I have always been the [00:16:00] fixer. The get it all together, manage or that kind of person, but I truly have got to let go and let other people prove to their own selves, not just me, but to themselves, that they can do the things that they don't know that they can, that they don't think they can do.
And so by, by stepping back, thinking about things, really looking at things I feel like I'm on the right track, and I've been able to do that. So I've been delegating things and it feels good. It feels really good because the person's person I'm delegating to is not the person. Who didn't do before.
That was a completely different person. But I was associating that one experience of when everything fell apart. When I [00:17:00] said, you do. And it ended up me having to do it all anyway to the person that I was currently working with. That's not fair to them, and it's not fair to me either.
And it feels good to trust. Hey, they've got it. Step back.
So here's what I want you to know. I'm not coming back louder. I am coming back clear, more grounded, more aligned, more rooted in who I actually am, not who I think I need to be, and the work ahead. It's so much better because of the pause. I am so excited about all the things that we have coming up.
Like honestly, I have so I'm so excited. The [00:18:00] vision that I started out with for Willow and Oak is truly coming full circle. And I can't wait to share it all. We have a medical practitioner that's gonna be coming up that's joined our team, but I cannot wait to introduce and I will be doing that this week.
We have my partner who's also a certified personal trainer, he's working on her nutritionist. Schooling right now, and we're just really excited. We have a membership that's coming up. We have a March challenge where you will get to work with us, one flat fee. You get to work with all of us through that membership, and I am just, not membership.
Challenge and then the membership, that's a membership. We'll have monthly themes for that, but I'm really excited about that too, and can't wait to talk more about that. You can [00:19:00] also look and join the wait list on our website. But we've also been making changes there too. New website, completely new website.
Similar to the one that we have now but different. I think it's gonna be a lot better. We needed to make some changes there. Like I said, you're learning in real time. And then I am finally getting back to what it is that I love the most, which is the mindset and mental health piece. So I'm super excited about that as well.

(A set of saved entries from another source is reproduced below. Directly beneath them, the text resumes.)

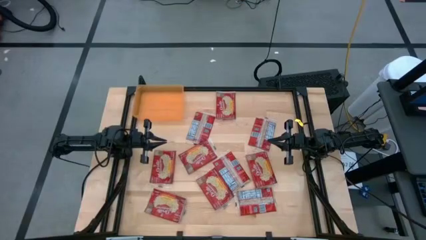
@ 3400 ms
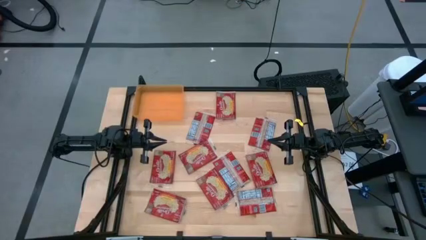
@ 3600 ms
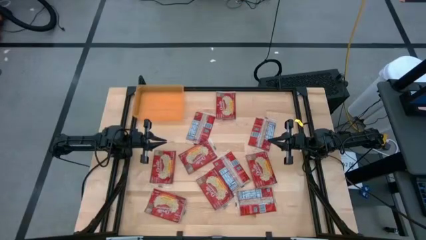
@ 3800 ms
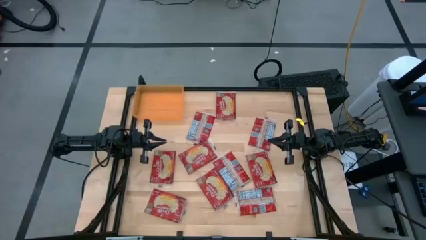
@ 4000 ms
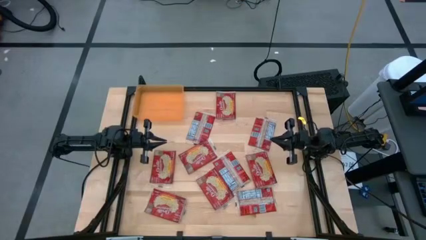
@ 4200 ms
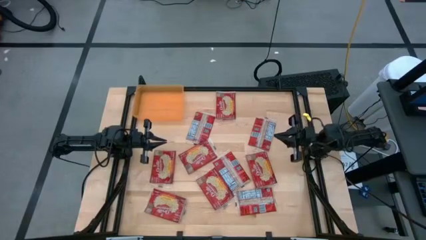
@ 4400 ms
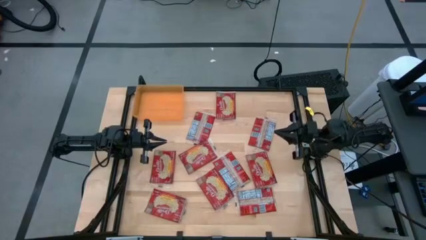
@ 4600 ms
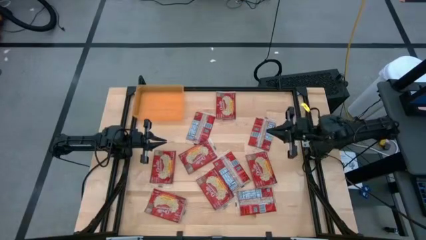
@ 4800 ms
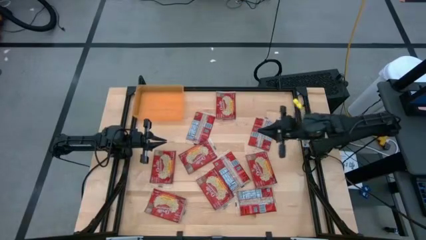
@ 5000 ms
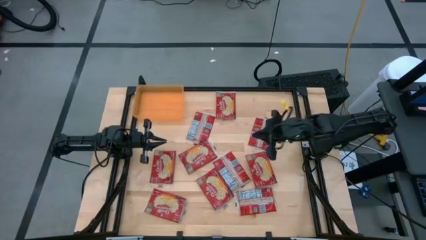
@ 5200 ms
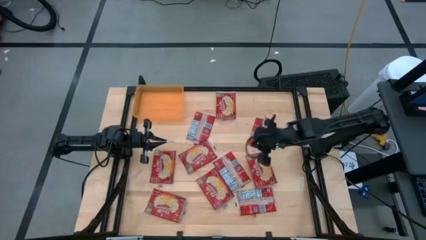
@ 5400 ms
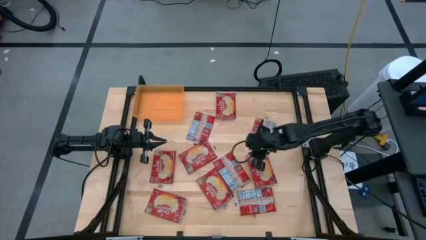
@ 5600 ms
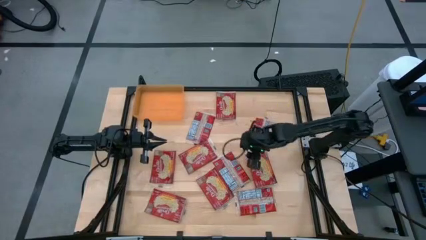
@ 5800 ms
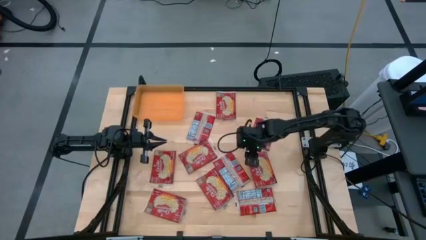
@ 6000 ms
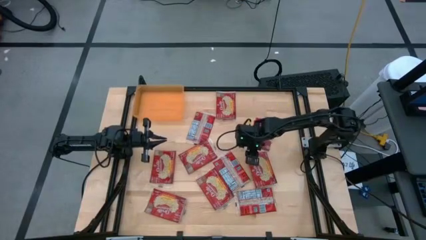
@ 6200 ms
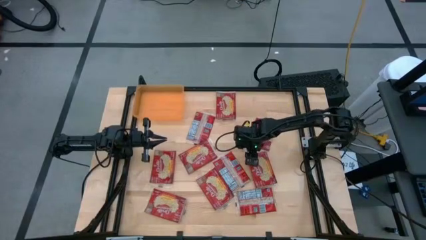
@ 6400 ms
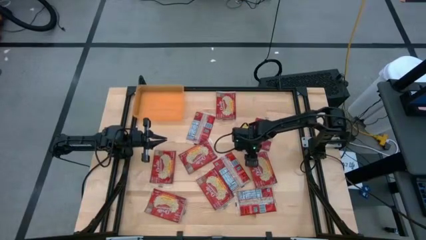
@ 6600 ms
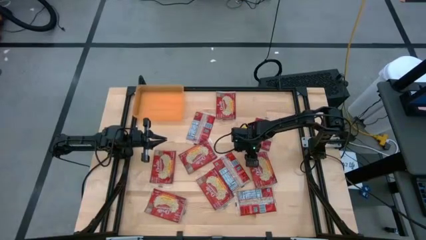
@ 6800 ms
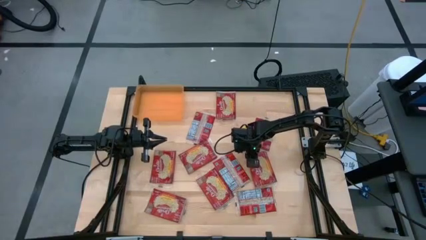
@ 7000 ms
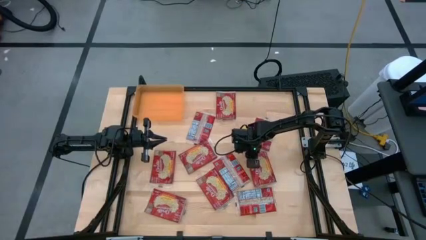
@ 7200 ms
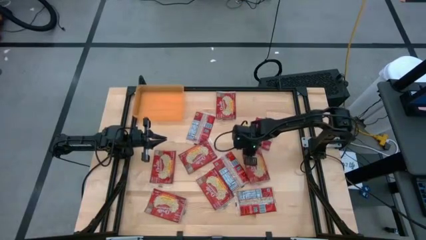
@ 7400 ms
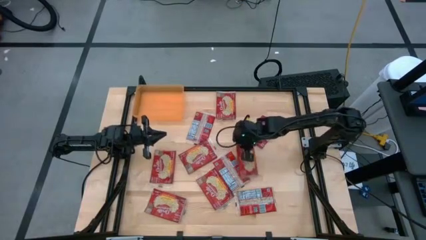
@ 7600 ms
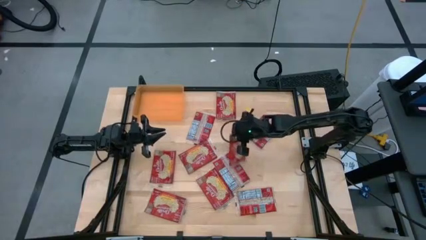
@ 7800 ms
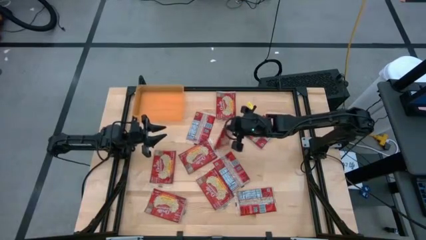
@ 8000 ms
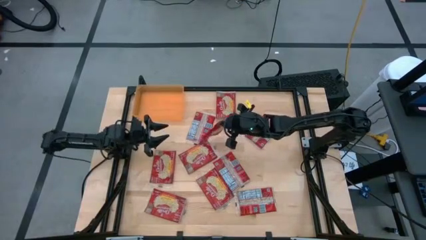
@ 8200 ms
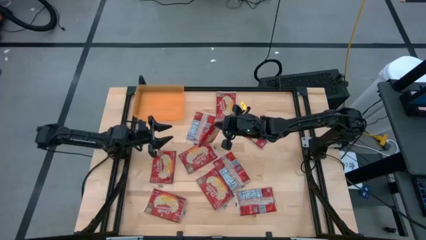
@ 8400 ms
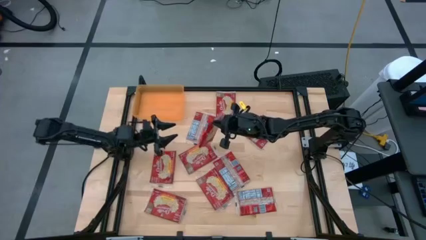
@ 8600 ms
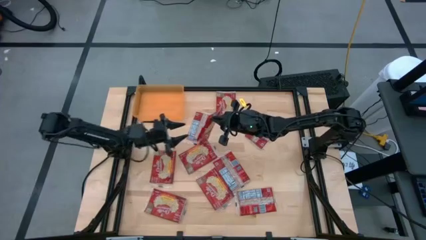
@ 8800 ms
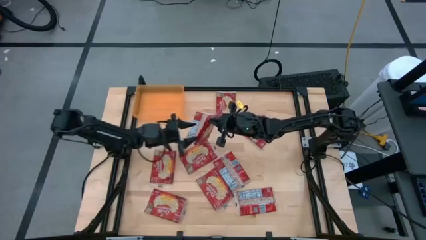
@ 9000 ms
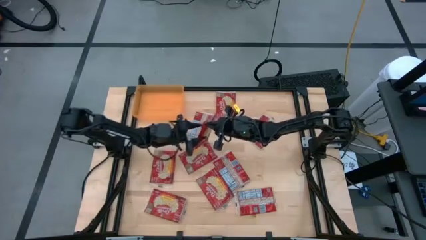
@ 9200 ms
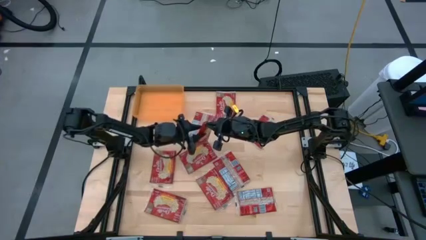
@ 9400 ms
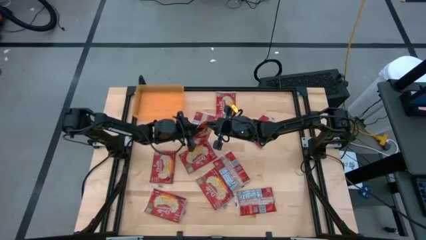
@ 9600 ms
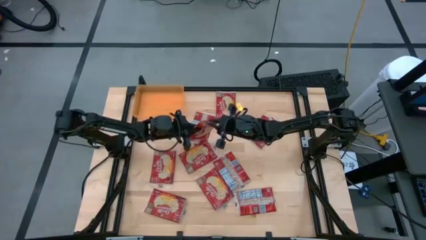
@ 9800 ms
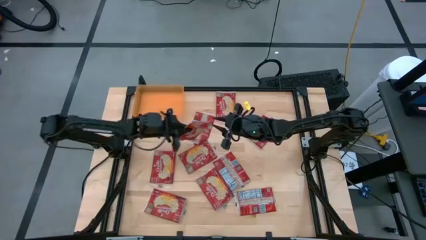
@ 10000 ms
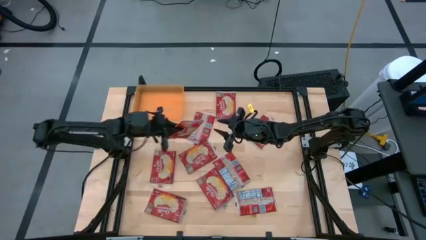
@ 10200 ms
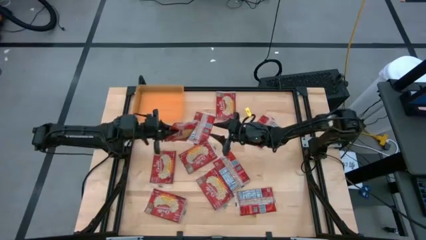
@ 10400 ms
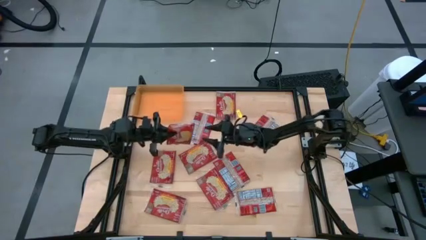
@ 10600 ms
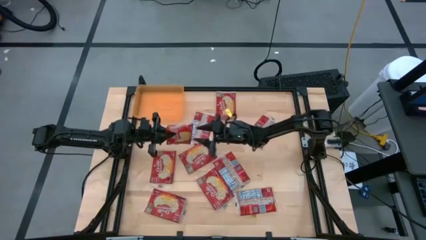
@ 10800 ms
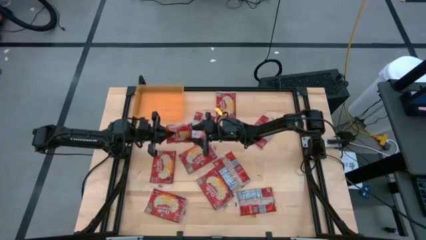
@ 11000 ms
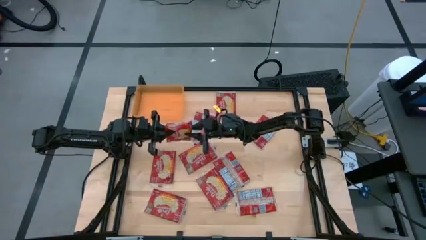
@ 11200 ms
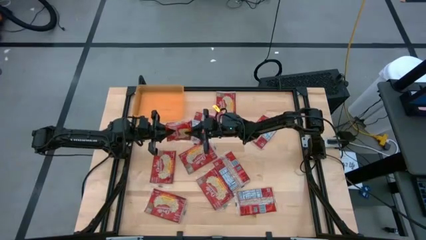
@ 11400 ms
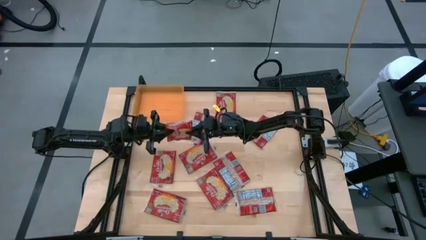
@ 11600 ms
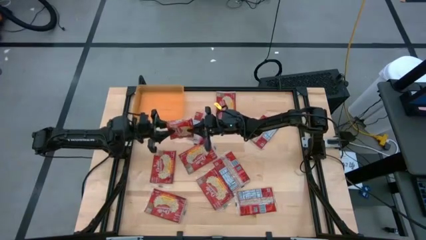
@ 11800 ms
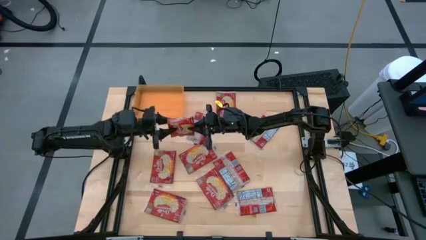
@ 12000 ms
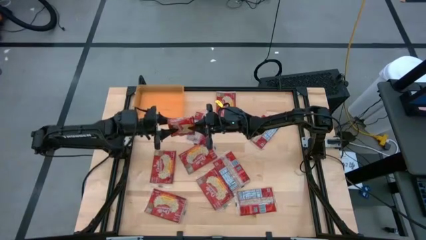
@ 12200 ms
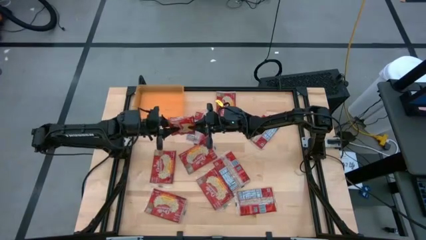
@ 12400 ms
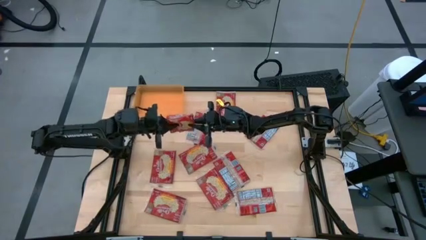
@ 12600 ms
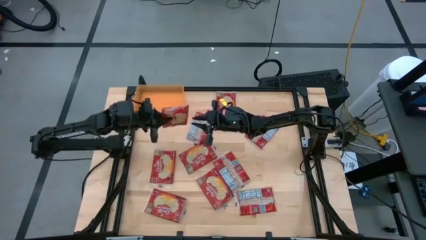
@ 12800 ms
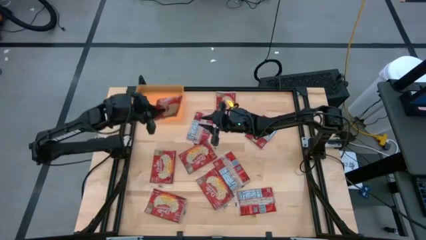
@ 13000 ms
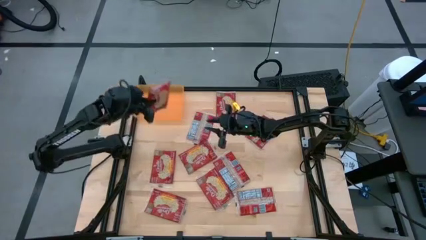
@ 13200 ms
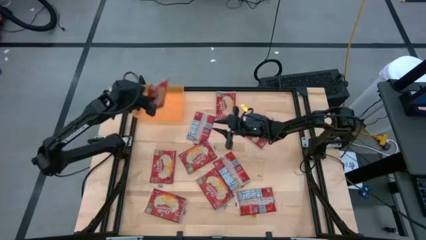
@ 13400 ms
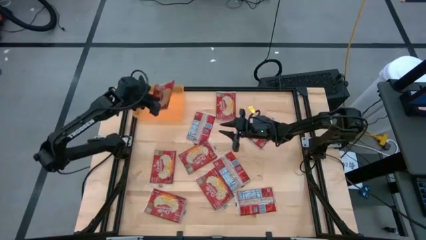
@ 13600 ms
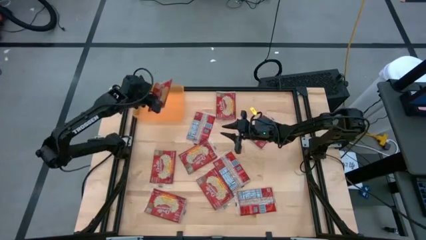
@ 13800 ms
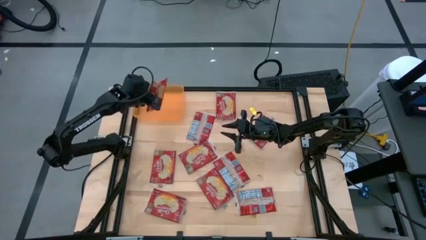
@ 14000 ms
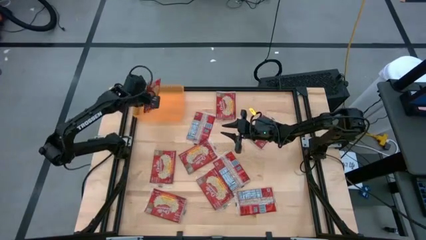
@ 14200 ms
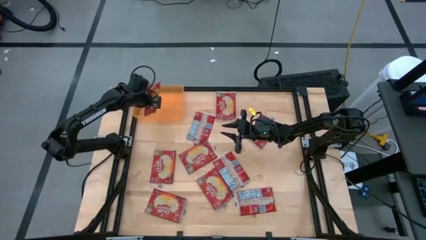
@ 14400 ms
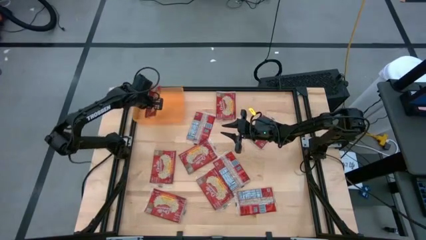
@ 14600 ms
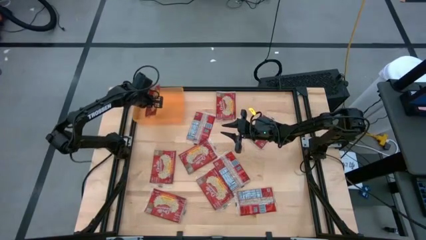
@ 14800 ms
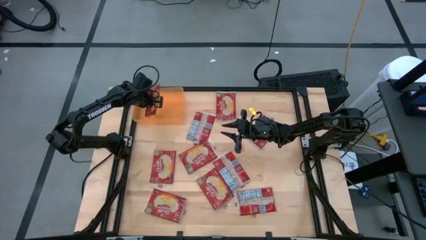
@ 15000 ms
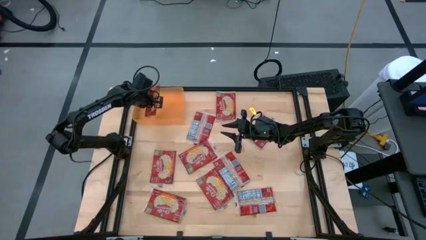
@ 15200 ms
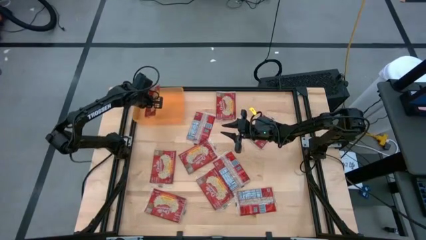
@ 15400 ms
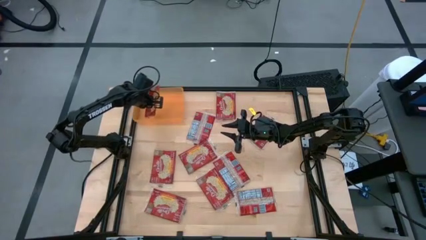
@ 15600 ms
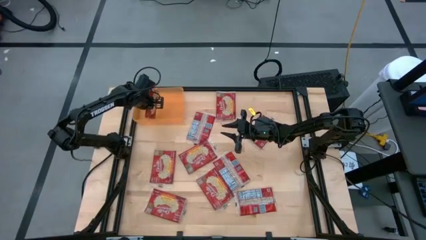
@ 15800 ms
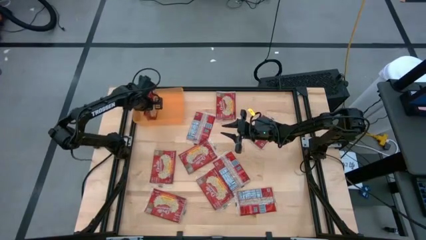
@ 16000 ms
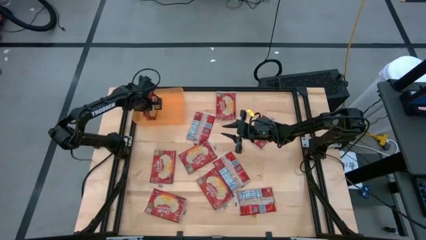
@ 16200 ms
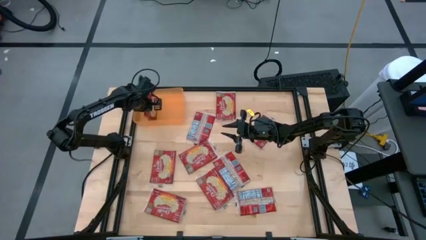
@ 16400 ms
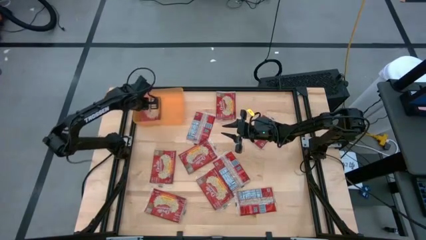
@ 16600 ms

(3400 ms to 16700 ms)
Task: Sort popcorn bags into baskets
Put the red popcorn bag into the orange bin

And so I just want you to know out of all the things that I've said, oh, wait. Y'all know I'm impulsive with my thoughts, so I need to say this too. I'm also going to be doing a subscription to the podcast, so for. Less than $10. Less than $10. I think it's gonna be around $7 [00:20:00] a month. You can subscribe to this podcast through our new website, which will be up soon.
But you can subscribe to this podcast for LE for around $7. Get additional content that's exclusive just to those who pay for to be in the who subscribe and. I will be giving you different,
many challenges throughout the month that you can try and do, and, i'm super excited about that as well, so stay tuned for that too. But really, let me get back to this 'cause I'll, I will drift off to another direction all the time. The bottom line is if you've been feeling off lately, if you've been tired, disconnected, questioning yourself.
It is not failure. Maybe it's refinement like it was [00:21:00] for me. Maybe your nervous system is asking for truth, not effort. So I want you to ask yourself this week, who am I without this role? What am I afraid will fall apart if I rest? What identity am I carrying that God never asked me to hold? Because you're not behind, you're becoming.